Collaborators sought
Published 9:00 pm Thursday, September 13, 2001
Associated Press
WASHINGTON — U.S. investigators pressed Thursday to identify terrorist collaborators who may still be in a position to strike more Americans, and agents located critical "black boxes" from two of Tuesday’s hijacked planes.
Four U.S. officials said authorities are investigating the possibility that some terrorists involved with Tuesday’s plots are still at large.
The FBI searched the country and abroad for possible suspects who had recent flight training, ties to the hijackers or their backers, or attempted to enter the United States recently, said these officials.
Agents have been examining manifests of flights that were not hijacked on Tuesday to find matches with people who fit this profile, the officials said.
The concerns are also being driven by fresh intelligence suggesting a continuing threat, the officials added.
The data "suggests we haven’t seen the end of this current threat," one U.S. official said. He cited concerns terrorists may strike in a different manner now that airport security has been beefed up.
Signs of fear were everywhere. The U.S. Capitol was evacuated for a suspicious package and New York’s airports were temporarily closed to incoming flights. One man was arrested in New York with a fake pilot’s identification. A security ring around the White House was widened.
Investigators recovered a black box flight recorder from the hijacked plane that went down in Pennsylvania, and picked up a signal from the recorder in the jet that slammed into the Pentagon.
The recorders could contain information about the last minutes of the hijacked commercial jetliners.

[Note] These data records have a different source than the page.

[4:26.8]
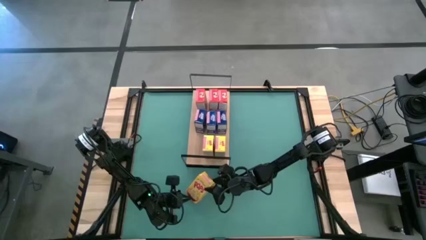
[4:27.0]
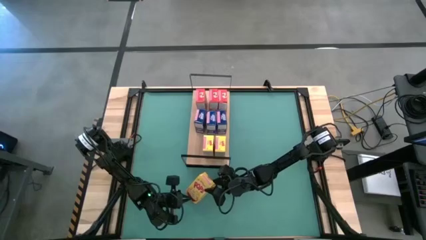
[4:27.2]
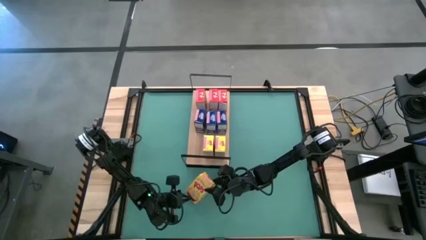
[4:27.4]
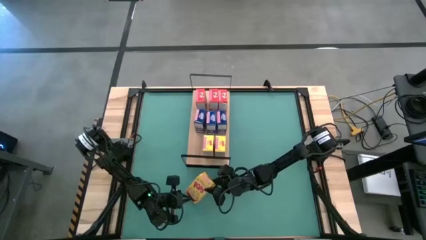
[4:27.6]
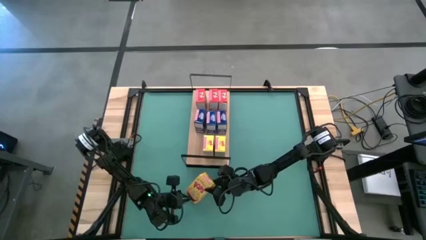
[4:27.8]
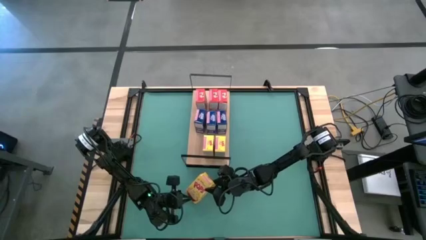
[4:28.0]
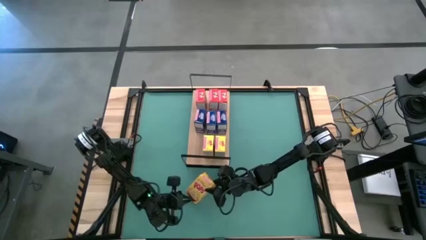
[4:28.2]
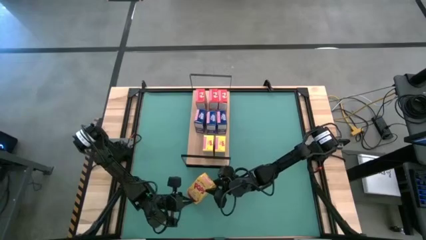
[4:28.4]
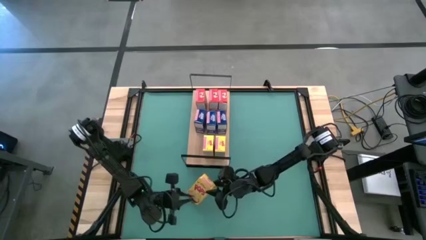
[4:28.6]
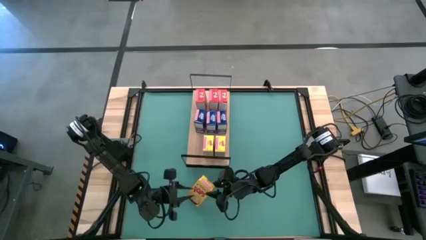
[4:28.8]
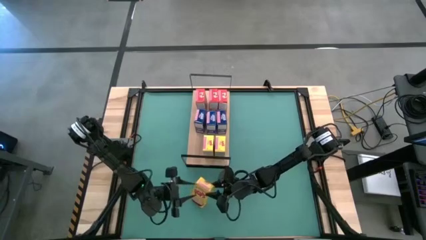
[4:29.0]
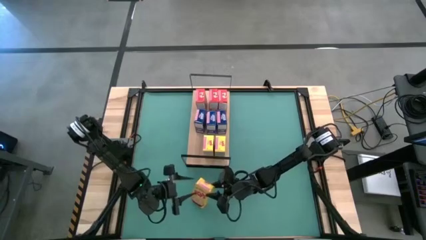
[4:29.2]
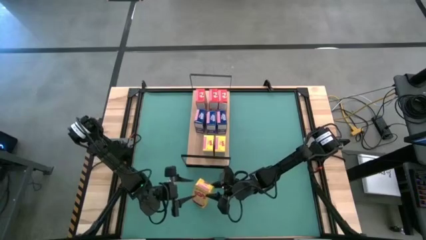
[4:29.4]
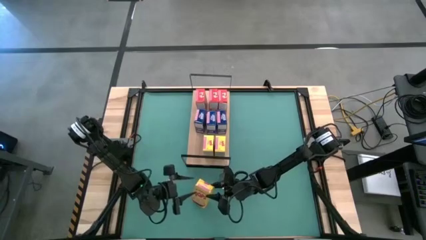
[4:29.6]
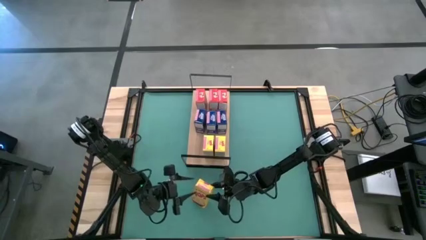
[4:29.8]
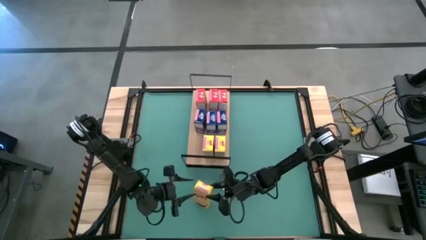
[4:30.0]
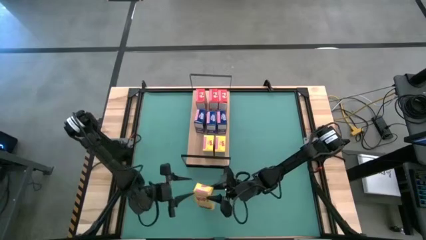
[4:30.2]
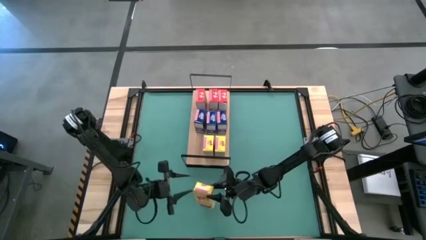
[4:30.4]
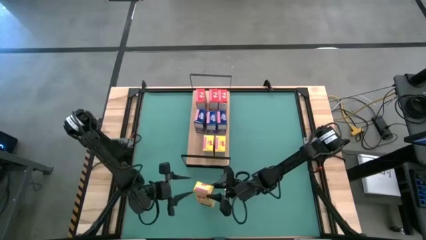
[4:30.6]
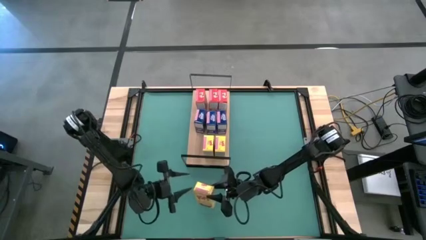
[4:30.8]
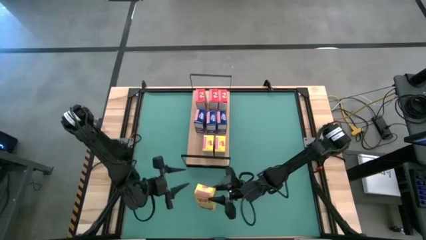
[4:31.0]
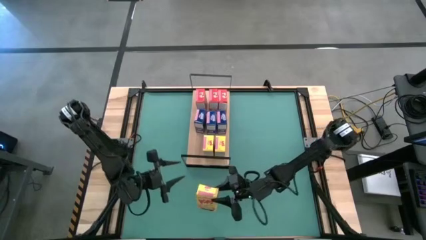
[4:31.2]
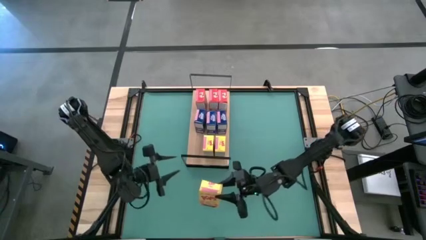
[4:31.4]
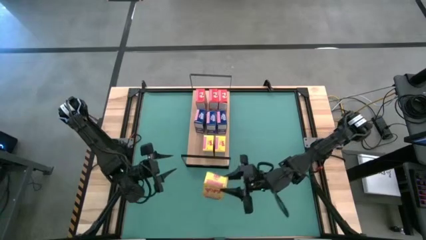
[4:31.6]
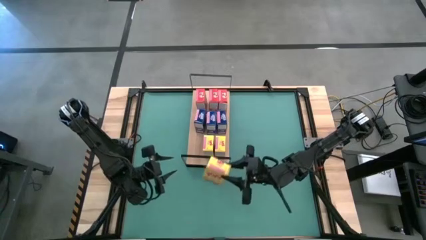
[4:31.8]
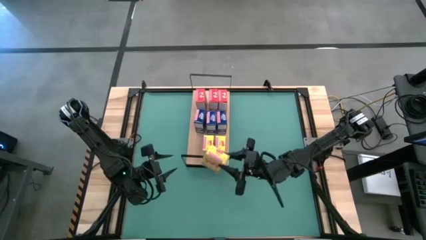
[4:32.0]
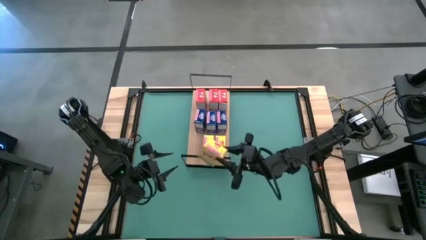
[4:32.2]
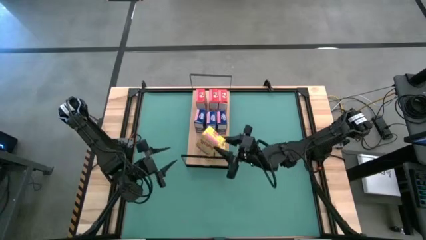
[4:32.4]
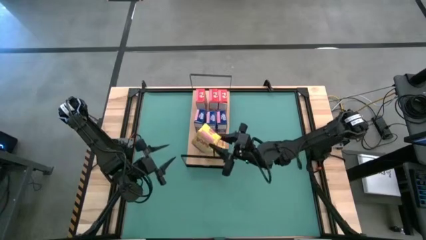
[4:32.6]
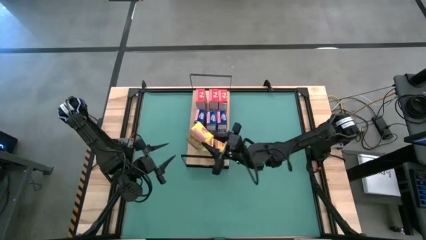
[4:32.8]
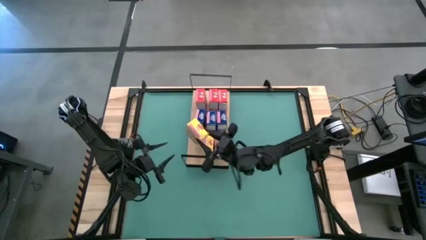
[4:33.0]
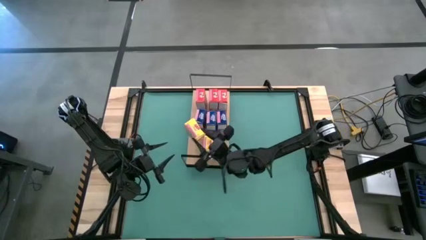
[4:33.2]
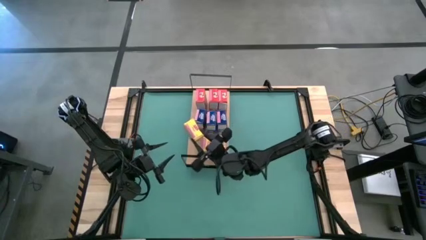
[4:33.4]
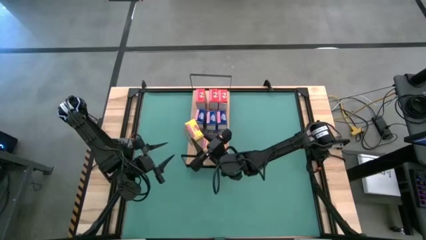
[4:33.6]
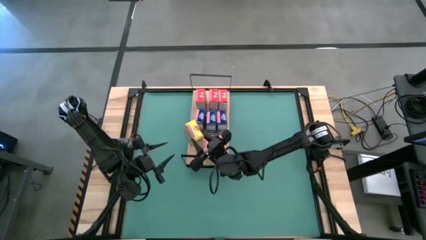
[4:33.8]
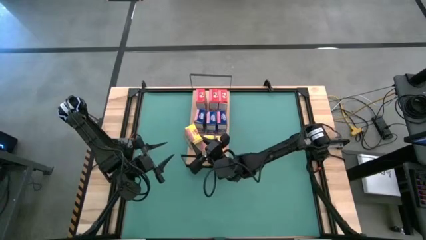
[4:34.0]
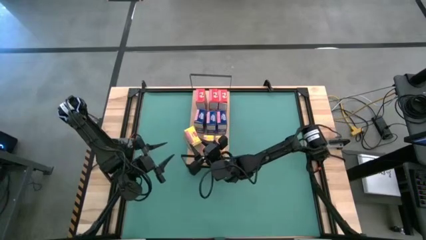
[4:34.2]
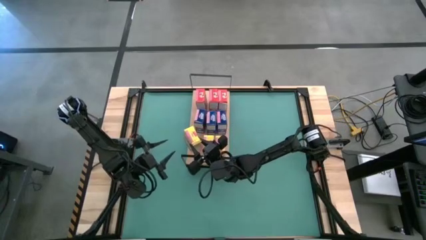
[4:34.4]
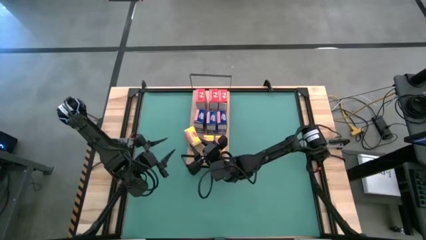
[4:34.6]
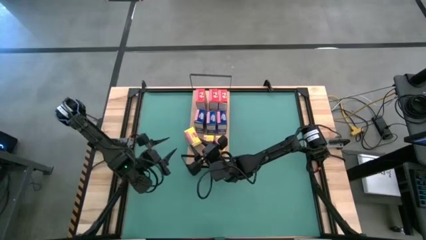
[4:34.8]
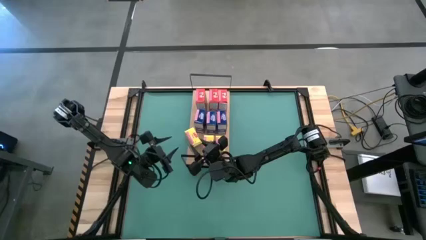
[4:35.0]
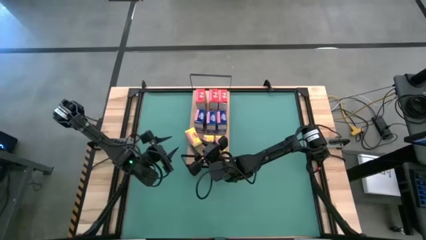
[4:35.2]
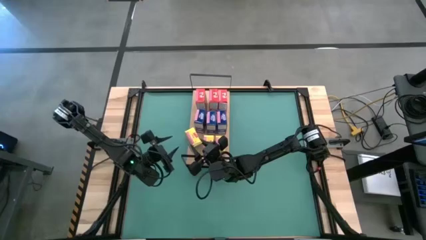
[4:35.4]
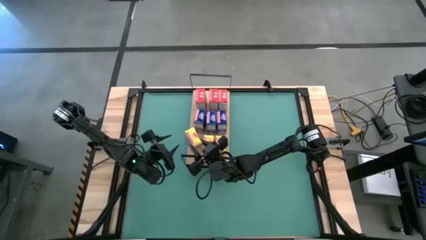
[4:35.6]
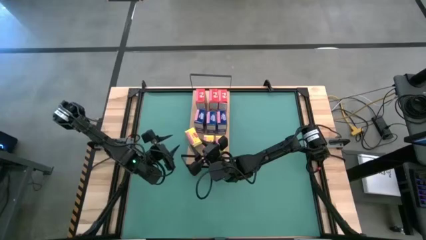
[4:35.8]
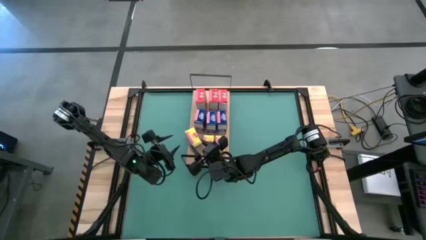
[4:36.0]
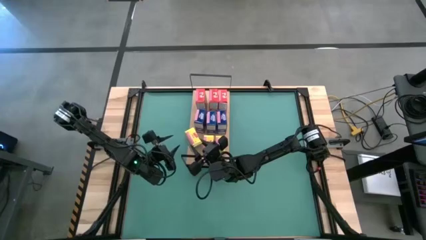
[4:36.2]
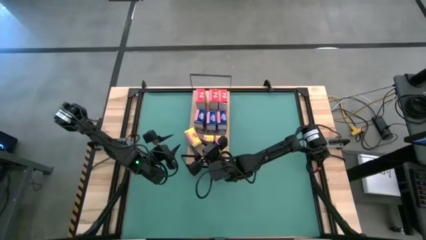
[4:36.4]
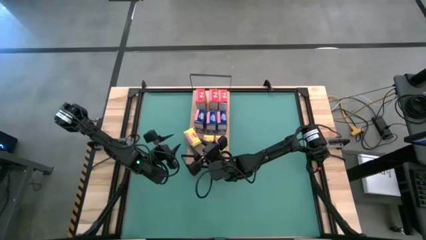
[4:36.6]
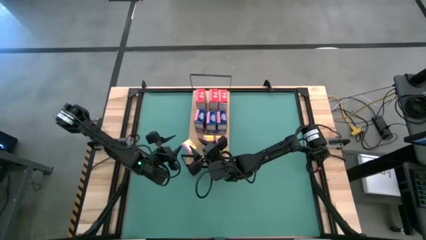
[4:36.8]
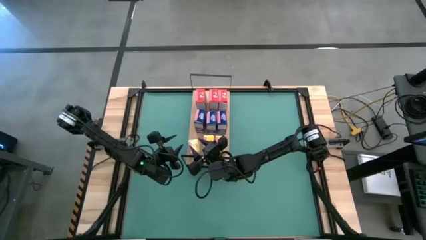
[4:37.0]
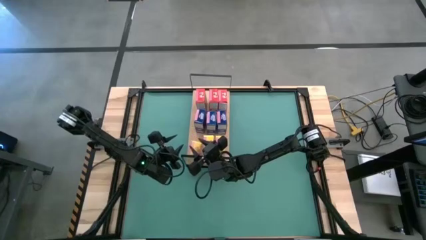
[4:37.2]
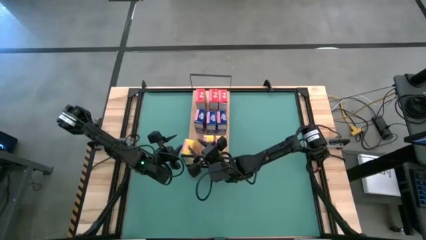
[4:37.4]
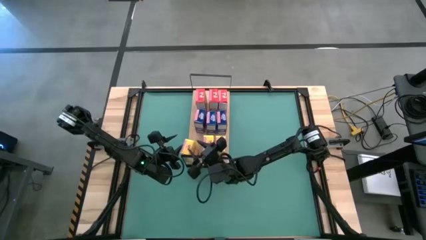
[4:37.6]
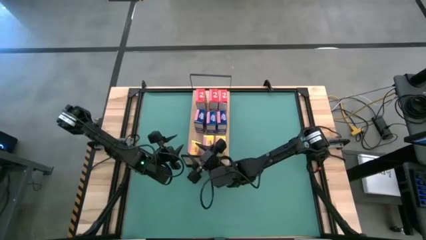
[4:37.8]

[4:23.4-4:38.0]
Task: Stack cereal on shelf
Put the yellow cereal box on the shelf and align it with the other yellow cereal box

FBI Special Agent Bill Crowley said the recorder in Pennsylvania was found at about 1:20 p.m. PDT in the 8-foot crater caused by the crash. Crowley said the recorder would be analyzed by the National Transportation Safety Board.
"We’re hoping it will have some information pertinent to what happened on the plane," Crowley said. "This development is going to help a lot."
An FBI official was headed for the Azores islands to interview two Iranians detained a week ago after they tried to travel to Canada with fake passports, authorities said. Mexican Defense Secretary Gen. Rafael Macedo said officials are searching the country for at least nine people who may have helped plan the attacks.
Attorney General John Ashcroft said a total of 18 hijackers took over the four planes. The Justice Department had planned to release the hijackers’ names and photos, but pulled back late Thursday.
All were ticketed passengers, but some may have used aliases, officials said.
A number of people that could be involved in the plot were detained overnight for having false identification, Justice Department spokeswoman Mindy Tucker said.
One focus of the FBI is on flight schools in Florida and Minnesota that trained some of the men apparently involved in the hijackings. The owner of a Minnesota flight school said FBI agents had contacted him asking about specific people.
The FBI questioned a Fort Smith, Ark., couple after telling police agencies across the state Wednesday that the woman was "possibly related to the New York City terrorist attack," state police spokeswoman Kim Fontaine said. The husband was being held Thursday for federal immigration officials, and the woman was taken away by agents and her whereabouts were not released, the Southwest Times Record newspaper at Fort Smith reported.